Beyond the rigs and rail yards, the geography of the Evanston area offers a profound sense of scale. Driving south on Highway 150 into the Uinta Mountains, or west into the Wasatch, you climb from sagebrush valleys into dense forests of spruce and fir, a reminder of the vital role of montane ecosystems in capturing the snowpack that feeds everything below.
To the north and east, the land opens up into the seemingly endless Red Desert and the Green River Basin. This is a landscape of stark beauty, home to the longest mammal migration corridor in the lower 48—the path of the pronghorn antelope. It’s a place where the horizon is measured in miles and the sky dominates. This vastness forces a long view. It prompts questions about short-term extraction versus long-term resilience, about our national identity tied to resource wealth, and about how communities like Evanston navigate a future where their geologic inheritance is both an asset and an anchor.

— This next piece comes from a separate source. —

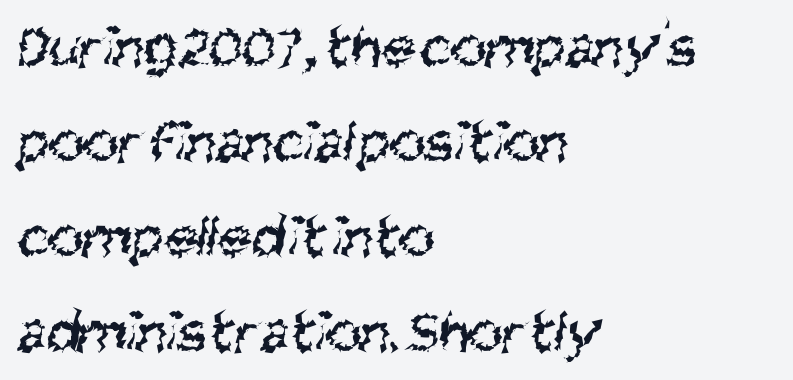
The strokes carry an ordinary text weight at most. Caption: multi-line text, flush left, ragged right. Think of a printed novel: that variable character pitch is what you see here. You can tell from the bare stems that sans-serif type was used. The leading is moderate, giving the passage an even texture. Does extra space separate the letters? No, they use regular spacing.

The wind that sculpts the sagebrush in Evanston’s hills is the same wind that could one day turn turbines, powering a different kind of economy. The ancient lakebed that holds fossilized energy also tells a story of a dynamic, changing planet. In this Wyoming town, the ground beneath your feet is not just dirt and rock. It is an archive, a bank vault, and a battleground for the ideas that will shape our collective future. The quiet streets, the working railroads, and the wide-open spaces are all part of a conversation—one about what we value, what we need, and how we live on a planet whose limits are becoming ever more clear.